TASK ITEM: After counting the lines below that contain "blue", reply with that number alone.

(Beginning of ENTRIES SHOWN)

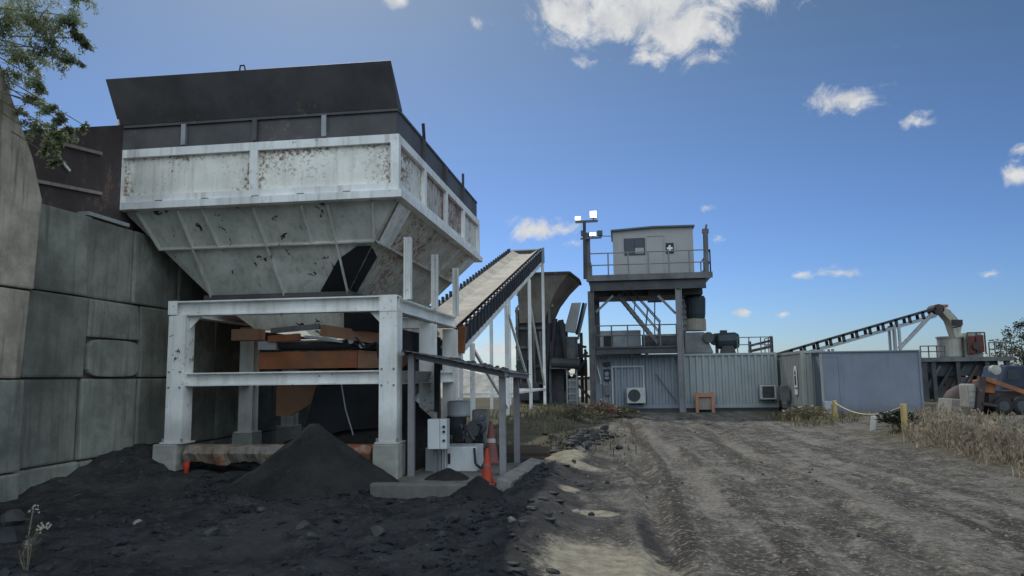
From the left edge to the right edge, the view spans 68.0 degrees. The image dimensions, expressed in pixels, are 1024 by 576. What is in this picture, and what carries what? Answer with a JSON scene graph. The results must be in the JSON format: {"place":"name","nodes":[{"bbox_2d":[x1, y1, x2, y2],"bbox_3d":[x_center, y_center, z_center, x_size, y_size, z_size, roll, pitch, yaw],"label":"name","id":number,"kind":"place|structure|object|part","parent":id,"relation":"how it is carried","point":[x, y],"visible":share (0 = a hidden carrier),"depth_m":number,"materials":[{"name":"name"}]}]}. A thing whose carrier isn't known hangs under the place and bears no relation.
{"place":"outdoors","nodes":[
{"label":"outdoors","id":0,"kind":"place"},
{"bbox_2d":[0,379,1023,575],"bbox_3d":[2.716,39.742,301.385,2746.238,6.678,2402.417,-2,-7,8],"label":"ground","id":1,"kind":"structure","parent":0,"point":[123,482],"depth_m":8.77,"materials":[{"name":"grey soil"}]},
{"bbox_2d":[0,526,25,544],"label":"rock","id":2,"kind":"object","parent":1,"relation":"on","point":[11,535],"visible":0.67,"depth_m":7.50,"materials":[{"name":"grey stone"}]},
{"bbox_2d":[0,509,25,526],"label":"rock","id":3,"kind":"object","parent":1,"relation":"on","point":[13,517],"visible":0.89,"depth_m":8.45,"materials":[{"name":"grey stone"}]},
{"bbox_2d":[0,65,41,501],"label":"wing wall","id":4,"kind":"structure","parent":1,"relation":"on","point":[20,202],"depth_m":10.24,"materials":[{"name":"concrete"}]},
{"bbox_2d":[21,537,43,547],"bbox_3d":[-4.617,2.463,7.313,0.181,0.123,0.136,1,-7,-18],"label":"rock","id":5,"kind":"object","parent":1,"relation":"on","point":[41,541],"visible":0.52,"depth_m":7.28,"materials":[{"name":"grey stone"}]},
{"bbox_2d":[18,504,50,570],"bbox_3d":[-4.098,2.158,6.473,0.280,0.600,0.226,-2,-7,8],"label":"flowering weed","id":6,"kind":"object","parent":1,"relation":"on","point":[28,556],"visible":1,"depth_m":6.47,"materials":[{"name":"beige plant"}]},
{"bbox_2d":[132,519,141,525],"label":"rock","id":7,"kind":"object","parent":1,"relation":"on","point":[136,521],"visible":0.61,"depth_m":8.42,"materials":[{"name":"grey stone"}]},
{"bbox_2d":[0,204,315,494],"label":"retaining wall","id":8,"kind":"structure","parent":1,"relation":"on","point":[94,364],"depth_m":12.20,"materials":[{"name":"concrete"}]},
{"bbox_2d":[23,125,146,234],"bbox_3d":[-6.768,-1.977,12.505,0.400,1.820,4.800,-2,-7,8],"label":"guide panel","id":9,"kind":"object","parent":8,"relation":"on","point":[85,179],"visible":0.51,"depth_m":12.19,"materials":[{"name":"brown metal"}]},
{"bbox_2d":[152,443,189,470],"bbox_3d":[-5.696,3.062,12.662,0.420,0.920,0.440,-2,-7,8],"label":"concrete footing","id":10,"kind":"object","parent":1,"relation":"on","point":[169,456],"visible":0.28,"depth_m":12.49,"materials":[{"name":"grey concrete"}]},
{"bbox_2d":[159,237,458,443],"bbox_3d":[-3.495,1.077,14.803,4.090,3.455,4.750,-2,-7,8],"label":"support frame","id":11,"kind":"object","parent":10,"relation":"on","point":[389,376],"visible":0.9,"depth_m":12.76,"materials":[{"name":"paint"}]},
{"bbox_2d":[106,60,482,338],"bbox_3d":[-3.870,-1.101,16.067,5.200,4.397,7.586,-2,-7,8],"label":"feed hopper","id":12,"kind":"object","parent":11,"relation":"on","point":[333,180],"visible":0.9,"depth_m":12.98,"materials":[{"name":"white paint"}]},
{"bbox_2d":[231,324,440,434],"bbox_3d":[-3.321,1.812,15.166,2.950,1.944,3.920,-2,-7,8],"label":"belt feeder","id":13,"kind":"object","parent":12,"relation":"hanging from","point":[291,400],"visible":0.92,"depth_m":13.54,"materials":[{"name":"orange paint"}]},
{"bbox_2d":[183,462,189,472],"bbox_3d":[-5.322,2.942,12.387,0.110,0.190,0.105,-2,-7,8],"label":"pipe cap","id":14,"kind":"object","parent":1,"relation":"on","point":[186,465],"visible":1,"depth_m":12.35,"materials":[{"name":"red plastic"}]},
{"bbox_2d":[202,527,219,536],"bbox_3d":[-3.055,2.483,7.701,0.145,0.109,0.154,-2,-7,8],"label":"rock","id":15,"kind":"object","parent":1,"relation":"on","point":[212,531],"visible":0.95,"depth_m":7.66,"materials":[{"name":"grey stone"}]},
{"bbox_2d":[232,432,261,443],"bbox_3d":[-5.268,3.337,15.049,0.420,0.920,0.440,-2,-7,8],"label":"concrete footing","id":16,"kind":"object","parent":1,"relation":"on","point":[247,438],"visible":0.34,"depth_m":14.89,"materials":[{"name":"grey concrete"}]},
{"bbox_2d":[256,506,266,512],"bbox_3d":[-2.955,2.622,8.945,0.119,0.092,0.090,4,-8,-33],"label":"rock","id":17,"kind":"object","parent":1,"relation":"on","point":[260,509],"visible":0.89,"depth_m":8.92,"materials":[{"name":"grey stone"}]},
{"bbox_2d":[235,439,291,465],"bbox_3d":[-3.846,3.115,14.706,3.339,0.692,3.442,6,-9,-43],"label":"spoil pile","id":18,"kind":"object","parent":1,"relation":"on","point":[256,464],"visible":0.02,"depth_m":13.71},
{"bbox_2d":[182,444,373,465],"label":"ground beam","id":19,"kind":"structure","parent":1,"relation":"on","point":[224,454],"depth_m":12.40,"materials":[{"name":"concrete"}]},
{"bbox_2d":[276,426,301,443],"bbox_3d":[-4.991,3.557,16.947,0.420,0.920,0.440,-2,-7,8],"label":"concrete footing","id":20,"kind":"object","parent":1,"relation":"on","point":[284,434],"visible":0.32,"depth_m":16.77,"materials":[{"name":"grey concrete"}]},
{"bbox_2d":[294,520,309,530],"bbox_3d":[-2.212,2.514,7.973,0.150,0.139,0.181,4,-8,-35],"label":"rock","id":21,"kind":"object","parent":1,"relation":"on","point":[303,524],"visible":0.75,"depth_m":7.93,"materials":[{"name":"grey stone"}]},
{"bbox_2d":[218,423,399,501],"bbox_3d":[-2.955,2.542,11.265,2.712,1.032,2.714,-4,-8,29],"label":"spoil pile","id":22,"kind":"object","parent":1,"relation":"on","point":[314,459],"visible":0.91,"depth_m":10.69,"materials":[{"name":"black gravel"}]},
{"bbox_2d":[306,531,316,539],"bbox_3d":[-1.983,2.451,7.473,0.106,0.097,0.116,5,-9,-42],"label":"rock","id":23,"kind":"object","parent":1,"relation":"on","point":[310,535],"visible":0.97,"depth_m":7.44,"materials":[{"name":"grey stone"}]},
{"bbox_2d":[0,427,626,575],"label":"clods","id":24,"kind":"object","parent":1,"relation":"on","point":[117,540],"visible":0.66,"depth_m":7.97,"materials":[{"name":"black soil"}]},
{"bbox_2d":[315,305,429,395],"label":"wall","id":25,"kind":"structure","parent":1,"relation":"on","point":[416,390],"depth_m":20.39,"materials":[{"name":"concrete"}]},
{"bbox_2d":[369,525,386,535],"bbox_3d":[-1.349,2.447,7.632,0.183,0.124,0.129,-5,-8,32],"label":"rock","id":26,"kind":"object","parent":1,"relation":"on","point":[376,530],"visible":0.97,"depth_m":7.58,"materials":[{"name":"grey stone"}]},
{"bbox_2d":[332,390,431,470],"bbox_3d":[-2.370,2.604,14.509,3.818,1.648,3.818,-4,-8,27],"label":"spoil pile","id":27,"kind":"object","parent":1,"relation":"on","point":[370,436],"visible":0.18,"depth_m":13.63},
{"bbox_2d":[373,442,404,478],"bbox_3d":[-1.965,2.951,12.131,0.420,0.920,0.440,-2,-7,8],"label":"concrete footing","id":28,"kind":"object","parent":1,"relation":"on","point":[389,459],"visible":0.37,"depth_m":11.95,"materials":[{"name":"grey concrete"}]},
{"bbox_2d":[304,247,545,433],"bbox_3d":[-1.133,0.677,24.389,1.794,7.521,21.473,-2,-7,10],"label":"inclined conveyor","id":29,"kind":"object","parent":1,"relation":"on","point":[488,293],"visible":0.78,"depth_m":23.30,"materials":[{"name":"grey metal"}]},
{"bbox_2d":[370,482,491,498],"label":"front kerb","id":30,"kind":"structure","parent":1,"relation":"on","point":[404,490],"depth_m":10.22,"materials":[{"name":"concrete"}]},
{"bbox_2d":[438,530,445,536],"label":"rock","id":31,"kind":"object","parent":1,"relation":"on","point":[442,532],"visible":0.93,"depth_m":7.40,"materials":[{"name":"grey stone"}]},
{"bbox_2d":[424,468,468,480],"bbox_3d":[-1.004,2.948,11.783,1.111,0.300,1.019,-2,-7,8],"label":"spoil pile","id":32,"kind":"object","parent":1,"relation":"on","point":[447,474],"visible":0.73,"depth_m":11.59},
{"bbox_2d":[397,463,521,491],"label":"concrete slab","id":33,"kind":"structure","parent":1,"relation":"on","point":[421,474],"depth_m":12.17,"materials":[{"name":"grey concrete"}]},
{"bbox_2d":[426,443,485,470],"bbox_3d":[-0.893,2.877,12.882,1.052,0.403,0.772,-2,-7,8],"label":"pump cabinet","id":34,"kind":"object","parent":33,"relation":"on","point":[464,456],"visible":0.7,"depth_m":12.63,"materials":[{"name":"white metal"}]},
{"bbox_2d":[447,400,489,446],"bbox_3d":[-0.865,2.668,14.208,0.823,1.129,0.904,-2,-7,8],"label":"pump set","id":35,"kind":"object","parent":34,"relation":"on","point":[475,428],"visible":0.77,"depth_m":13.93,"materials":[{"name":"black metal"}]},
{"bbox_2d":[482,448,496,485],"bbox_3d":[-0.360,2.589,10.993,0.253,0.520,0.253,-2,-7,8],"label":"traffic cone","id":36,"kind":"object","parent":33,"relation":"on","point":[487,474],"visible":0.71,"depth_m":10.94,"materials":[{"name":"orange plastic"}]},
{"bbox_2d":[486,421,499,464],"bbox_3d":[-0.377,2.783,13.668,0.369,0.760,0.369,-2,-7,8],"label":"traffic cone","id":37,"kind":"object","parent":33,"relation":"on","point":[491,446],"visible":0.7,"depth_m":13.59,"materials":[{"name":"orange plastic"}]},
{"bbox_2d":[441,368,479,385],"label":"spoil mound","id":38,"kind":"object","parent":1,"relation":"on","point":[466,374],"visible":0.04,"depth_m":69.12,"materials":[{"name":"soil"}]},
{"bbox_2d":[401,350,530,475],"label":"open shed","id":39,"kind":"structure","parent":1,"relation":"on","point":[436,360],"depth_m":12.20,"materials":[{"name":"black metal"}]},
{"bbox_2d":[428,364,449,472],"bbox_3d":[-1.199,2.111,12.486,0.319,1.851,0.348,-2,-7,8],"label":"switch box","id":40,"kind":"object","parent":39,"relation":"attached to","point":[439,433],"visible":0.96,"depth_m":12.33,"materials":[{"name":"white metal"}]},
{"bbox_2d":[428,418,441,448],"bbox_3d":[-1.259,2.387,12.429,0.200,0.482,0.220,-2,-7,8],"label":"door","id":41,"kind":"structure","parent":40,"relation":"in","point":[433,423],"depth_m":12.32,"materials":[{"name":"white metal"}]},
{"bbox_2d":[449,357,526,372],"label":"spilled gravel","id":42,"kind":"structure","parent":39,"relation":"on","point":[488,365],"depth_m":13.03,"materials":[{"name":"grey gravel"}]},
{"bbox_2d":[450,476,503,499],"bbox_3d":[-0.480,2.712,10.193,0.986,0.372,1.012,-2,-7,8],"label":"spoil pile","id":43,"kind":"object","parent":1,"relation":"on","point":[481,487],"visible":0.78,"depth_m":9.99,"materials":[{"name":"black gravel"}]},
{"bbox_2d":[508,516,515,521],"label":"rock","id":44,"kind":"object","parent":1,"relation":"on","point":[511,519],"visible":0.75,"depth_m":7.56,"materials":[{"name":"grey stone"}]},
{"bbox_2d":[497,468,528,490],"bbox_3d":[0.022,2.936,11.253,0.230,0.394,1.316,-2,-7,12],"label":"kerb piece","id":45,"kind":"object","parent":1,"relation":"on","point":[507,480],"visible":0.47,"depth_m":10.92,"materials":[{"name":"grey concrete"}]},
{"bbox_2d":[441,370,589,397],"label":"spoil mound","id":46,"kind":"object","parent":1,"relation":"on","point":[482,383],"visible":0.16,"depth_m":55.42,"materials":[{"name":"grey gravel"}]},
{"bbox_2d":[498,456,544,459],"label":"timber beam","id":47,"kind":"structure","parent":1,"relation":"on","point":[512,458],"depth_m":14.25,"materials":[{"name":"wood"}]},
{"bbox_2d":[496,445,549,456],"bbox_3d":[0.142,3.187,14.716,1.172,0.300,0.280,-1,-7,-2],"label":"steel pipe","id":48,"kind":"object","parent":1,"relation":"on","point":[534,450],"visible":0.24,"depth_m":14.60,"materials":[{"name":"metal"}]},
{"bbox_2d":[517,458,543,470],"bbox_3d":[0.312,3.097,12.652,0.228,0.393,1.446,-2,-7,12],"label":"kerb piece","id":49,"kind":"object","parent":1,"relation":"on","point":[529,464],"visible":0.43,"depth_m":12.54,"materials":[{"name":"grey concrete"}]},
{"bbox_2d":[515,271,589,404],"bbox_3d":[2.048,2.529,36.795,3.544,6.310,3.390,-2,-7,8],"label":"crusher bin","id":50,"kind":"object","parent":1,"relation":"on","point":[564,353],"visible":0.86,"depth_m":35.87,"materials":[{"name":"grey metal"}]},
{"bbox_2d":[548,434,558,440],"bbox_3d":[1.023,3.714,18.559,0.311,0.269,0.293,-2,-7,8],"label":"rock","id":51,"kind":"object","parent":1,"relation":"on","point":[552,436],"visible":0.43,"depth_m":18.50,"materials":[{"name":"grey stone"}]},
{"bbox_2d":[566,435,582,441],"bbox_3d":[1.417,3.496,17.417,0.410,0.217,0.385,-2,-7,8],"label":"rock","id":52,"kind":"object","parent":1,"relation":"on","point":[579,438],"visible":0.47,"depth_m":17.34,"materials":[{"name":"grey stone"}]},
{"bbox_2d":[565,302,587,402],"bbox_3d":[3.224,3.156,37.660,1.223,5.036,2.011,-2,-7,8],"label":"transfer conveyor","id":53,"kind":"object","parent":1,"relation":"on","point":[571,325],"visible":0.68,"depth_m":37.97,"materials":[{"name":"black metal"}]},
{"bbox_2d":[555,406,603,420],"bbox_3d":[2.253,4.275,25.813,1.741,0.559,1.724,-2,-7,8],"label":"weed bush","id":54,"kind":"object","parent":1,"relation":"on","point":[579,413],"visible":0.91,"depth_m":25.60,"materials":[{"name":"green plant"}]},
{"bbox_2d":[576,446,585,452],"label":"rock","id":55,"kind":"object","parent":1,"relation":"on","point":[580,448],"visible":0.64,"depth_m":15.09,"materials":[{"name":"grey stone"}]},
{"bbox_2d":[586,429,595,434],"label":"rock","id":56,"kind":"object","parent":1,"relation":"on","point":[591,432],"visible":0.52,"depth_m":19.02,"materials":[{"name":"grey stone"}]},
{"bbox_2d":[582,399,620,418],"bbox_3d":[3.365,4.579,28.569,1.542,0.765,1.411,-2,-7,8],"label":"weed bush","id":57,"kind":"object","parent":1,"relation":"on","point":[607,411],"visible":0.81,"depth_m":28.37,"materials":[{"name":"red plant"}]},
{"bbox_2d":[600,424,608,429],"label":"rock","id":58,"kind":"object","parent":1,"relation":"on","point":[605,427],"visible":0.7,"depth_m":22.83,"materials":[{"name":"grey stone"}]},
{"bbox_2d":[610,405,639,416],"bbox_3d":[4.299,4.789,29.429,1.353,0.502,1.345,-2,-7,8],"label":"weed bush","id":59,"kind":"object","parent":1,"relation":"on","point":[624,410],"visible":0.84,"depth_m":29.27,"materials":[{"name":"green plant"}]},
{"bbox_2d":[595,354,679,411],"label":"container shed","id":60,"kind":"structure","parent":1,"relation":"on","point":[655,376],"depth_m":33.45,"materials":[{"name":"grey metal"}]},
{"bbox_2d":[603,362,610,395],"bbox_3d":[4.212,4.021,33.581,0.334,1.467,0.040,-2,-7,8],"label":"notice","id":61,"kind":"object","parent":60,"relation":"attached to","point":[607,378],"visible":1,"depth_m":33.57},
{"bbox_2d":[627,388,645,404],"bbox_3d":[5.426,4.736,33.159,0.804,0.750,0.389,-2,-7,8],"label":"air conditioner","id":62,"kind":"object","parent":60,"relation":"attached to","point":[635,395],"visible":1,"depth_m":32.99,"materials":[{"name":"white metal"}]},
{"bbox_2d":[600,330,675,354],"bbox_3d":[6.004,2.567,35.431,3.734,1.152,1.030,-2,-7,8],"label":"tank housing","id":63,"kind":"object","parent":60,"relation":"on","point":[666,340],"visible":0.56,"depth_m":35.11,"materials":[{"name":"grey metal"}]},
{"bbox_2d":[695,392,714,412],"bbox_3d":[8.323,4.948,32.722,0.801,0.895,0.150,-2,-7,8],"label":"steel stand","id":64,"kind":"object","parent":1,"relation":"on","point":[704,401],"visible":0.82,"depth_m":32.72,"materials":[{"name":"orange paint"}]},
{"bbox_2d":[684,352,778,411],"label":"container shed","id":65,"kind":"structure","parent":1,"relation":"on","point":[732,381],"depth_m":32.98,"materials":[{"name":"grey metal"}]},
{"bbox_2d":[682,295,713,353],"bbox_3d":[8.332,1.662,34.367,1.385,2.626,1.440,-2,-7,8],"label":"mixer","id":66,"kind":"object","parent":65,"relation":"on","point":[693,312],"visible":0.9,"depth_m":33.97,"materials":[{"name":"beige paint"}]},
{"bbox_2d":[710,330,739,352],"bbox_3d":[9.478,2.413,33.839,1.270,1.052,0.760,-2,-7,8],"label":"drive motor","id":67,"kind":"object","parent":65,"relation":"on","point":[723,341],"visible":0.94,"depth_m":33.53,"materials":[{"name":"black metal"}]},
{"bbox_2d":[737,336,773,352],"bbox_3d":[10.770,2.578,34.114,1.538,0.720,1.893,-2,-7,8],"label":"railing","id":68,"kind":"object","parent":65,"relation":"on","point":[761,348],"visible":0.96,"depth_m":33.20,"materials":[{"name":"grey metal"}]},
{"bbox_2d":[759,385,776,400],"bbox_3d":[10.948,4.504,32.483,0.680,0.682,0.389,-2,-7,8],"label":"air conditioner","id":69,"kind":"object","parent":65,"relation":"attached to","point":[767,392],"visible":1,"depth_m":32.32,"materials":[{"name":"white metal"}]},
{"bbox_2d":[466,401,1023,455],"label":"weeds","id":70,"kind":"object","parent":1,"relation":"on","point":[840,416],"visible":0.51,"depth_m":23.02,"materials":[{"name":"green plant"}]},
{"bbox_2d":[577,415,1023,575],"bbox_3d":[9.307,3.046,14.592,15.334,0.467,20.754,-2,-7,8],"label":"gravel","id":71,"kind":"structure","parent":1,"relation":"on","point":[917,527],"depth_m":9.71,"materials":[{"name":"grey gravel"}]},
{"bbox_2d":[777,350,824,415],"bbox_3d":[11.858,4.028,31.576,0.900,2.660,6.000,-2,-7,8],"label":"container shed","id":72,"kind":"structure","parent":1,"relation":"on","point":[801,361],"depth_m":29.41,"materials":[{"name":"grey metal"}]},
{"bbox_2d":[778,385,789,400],"bbox_3d":[11.143,4.296,31.039,0.340,0.620,0.600,-2,-7,8],"label":"meter box","id":73,"kind":"object","parent":72,"relation":"attached to","point":[784,392],"visible":1,"depth_m":30.76,"materials":[{"name":"grey metal"}]},
{"bbox_2d":[793,366,797,394],"bbox_3d":[11.121,3.612,29.748,0.028,1.117,0.520,-2,-7,8],"label":"hanging notice","id":74,"kind":"object","parent":72,"relation":"attached to","point":[795,380],"visible":1,"depth_m":29.68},
{"bbox_2d":[781,404,832,418],"bbox_3d":[9.772,4.097,25.084,1.703,0.533,1.730,-2,-7,8],"label":"weed bush","id":75,"kind":"object","parent":1,"relation":"on","point":[800,411],"visible":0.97,"depth_m":24.88,"materials":[{"name":"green plant"}]},
{"bbox_2d":[823,401,831,415],"bbox_3d":[11.438,4.379,27.401,0.280,0.578,0.250,-2,-7,8],"label":"tap box","id":76,"kind":"object","parent":1,"relation":"on","point":[827,405],"visible":0.4,"depth_m":27.30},
{"bbox_2d":[832,400,837,417],"bbox_3d":[10.220,3.914,23.996,0.150,0.700,0.150,-2,-7,8],"label":"bollard","id":77,"kind":"object","parent":1,"relation":"on","point":[834,407],"visible":0.55,"depth_m":23.96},
{"bbox_2d":[812,350,924,414],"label":"shipping container","id":78,"kind":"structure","parent":1,"relation":"on","point":[874,381],"depth_m":27.52,"materials":[{"name":"grey metal"}]},
{"bbox_2d":[777,304,962,353],"bbox_3d":[18.717,3.505,40.005,9.293,5.086,0.980,-2,-7,8],"label":"radial conveyor","id":79,"kind":"object","parent":1,"relation":"on","point":[952,323],"visible":0.77,"depth_m":39.58,"materials":[{"name":"black metal"}]},
{"bbox_2d":[870,416,876,430],"bbox_3d":[9.151,3.472,19.218,0.202,0.460,0.150,-2,-7,8],"label":"bollard","id":80,"kind":"object","parent":1,"relation":"on","point":[872,424],"visible":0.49,"depth_m":19.17,"materials":[{"name":"white concrete"}]},
{"bbox_2d":[874,409,919,427],"bbox_3d":[9.287,3.124,18.192,0.997,0.491,0.983,1,-7,-18],"label":"weed bush","id":81,"kind":"object","parent":1,"relation":"on","point":[890,417],"visible":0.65,"depth_m":18.06,"materials":[{"name":"green plant"}]},
{"bbox_2d":[900,404,908,432],"bbox_3d":[9.102,3.069,17.594,0.150,0.760,0.150,-2,-7,8],"label":"bollard","id":82,"kind":"object","parent":1,"relation":"on","point":[903,412],"visible":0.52,"depth_m":17.56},
{"bbox_2d":[835,402,899,414],"bbox_3d":[9.659,3.293,20.818,0.036,0.378,6.557,-2,-7,10],"label":"rope","id":83,"kind":"object","parent":82,"relation":"hanging from","point":[862,413],"visible":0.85,"depth_m":21.11,"materials":[{"name":"beige fabric"}]},
{"bbox_2d":[885,403,1023,477],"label":"dry grass","id":84,"kind":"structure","parent":1,"relation":"on","point":[928,423],"depth_m":14.79,"materials":[{"name":"beige plant"}]},
{"bbox_2d":[937,398,972,413],"bbox_3d":[17.171,4.598,29.464,0.793,0.619,1.300,-2,-7,8],"label":"concrete slab","id":85,"kind":"object","parent":1,"relation":"on","point":[948,402],"depth_m":28.98,"materials":[{"name":"grey concrete"}]},
{"bbox_2d":[943,385,977,411],"bbox_3d":[18.304,4.518,30.885,1.700,1.150,1.700,-2,-7,8],"label":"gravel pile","id":86,"kind":"object","parent":1,"relation":"on","point":[952,393],"visible":0.27,"depth_m":30.68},
{"bbox_2d":[919,332,1013,401],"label":"screening plant","id":87,"kind":"object","parent":1,"relation":"on","point":[957,361],"visible":0.56,"depth_m":40.61,"materials":[{"name":"beige paint"}]},
{"bbox_2d":[959,376,1023,414],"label":"compact loader","id":88,"kind":"object","parent":1,"relation":"on","point":[981,393],"visible":0.97,"depth_m":27.19,"materials":[{"name":"orange metal"}]},
{"bbox_2d":[982,365,1023,389],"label":"truck","id":89,"kind":"object","parent":1,"relation":"on","point":[1012,375],"visible":0.43,"depth_m":31.17,"materials":[{"name":"blue paint"}]},
{"bbox_3d":[20.617,3.575,31.157,0.450,0.424,0.013,-2,-7,8],"label":"side window","id":90,"kind":"part","parent":89,"relation":"part of","materials":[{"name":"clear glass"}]},
{"bbox_2d":[983,318,1023,364],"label":"tree","id":91,"kind":"object","parent":1,"relation":"on","point":[1020,353],"visible":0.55,"depth_m":47.70,"materials":[{"name":"green plant"}]},
{"bbox_2d":[0,0,1023,376],"label":"sky","id":92,"kind":"structure","parent":0,"point":[847,165],"materials":[{"name":"blue"}]},
{"bbox_2d":[575,219,712,412],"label":"control tower","id":93,"kind":"structure","parent":0,"point":[649,287],"depth_m":33.32,"materials":[{"name":"grey metal"}]},
{"bbox_2d":[590,211,596,219],"bbox_3d":[3.634,-3.226,33.871,0.300,0.412,0.172,-2,-7,8],"label":"flood lamp","id":94,"kind":"object","parent":93,"relation":"on","point":[593,215],"visible":1,"depth_m":33.79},
{"bbox_2d":[597,230,602,236],"bbox_3d":[3.904,-2.393,33.736,0.240,0.324,0.172,-2,-7,8],"label":"flood lamp","id":95,"kind":"object","parent":93,"relation":"attached to","point":[599,233],"visible":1,"depth_m":33.66,"materials":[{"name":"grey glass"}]},
{"bbox_2d":[611,225,694,274],"bbox_3d":[6.540,-1.474,35.453,3.735,2.351,2.850,-2,-7,8],"label":"control cabin","id":96,"kind":"object","parent":93,"relation":"on","point":[661,238],"visible":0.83,"depth_m":34.21,"materials":[{"name":"grey metal"}]},
{"bbox_2d":[624,238,644,254],"bbox_3d":[5.546,-1.873,34.324,0.930,0.767,0.044,-2,-7,8],"label":"window frame","id":97,"kind":"structure","parent":96,"relation":"in","point":[630,244],"depth_m":34.31,"materials":[{"name":"grey metal"}]},
{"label":"embankment","id":98,"kind":"structure","parent":0,"visible":0},
{"bbox_2d":[0,0,102,168],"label":"overhanging tree","id":99,"kind":"object","parent":98,"relation":"on","point":[29,19],"visible":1,"depth_m":9.90,"materials":[{"name":"green plant"}]}
]}

(End of ENTRIES SHOWN)

ANSWER TO THIS TASK: 2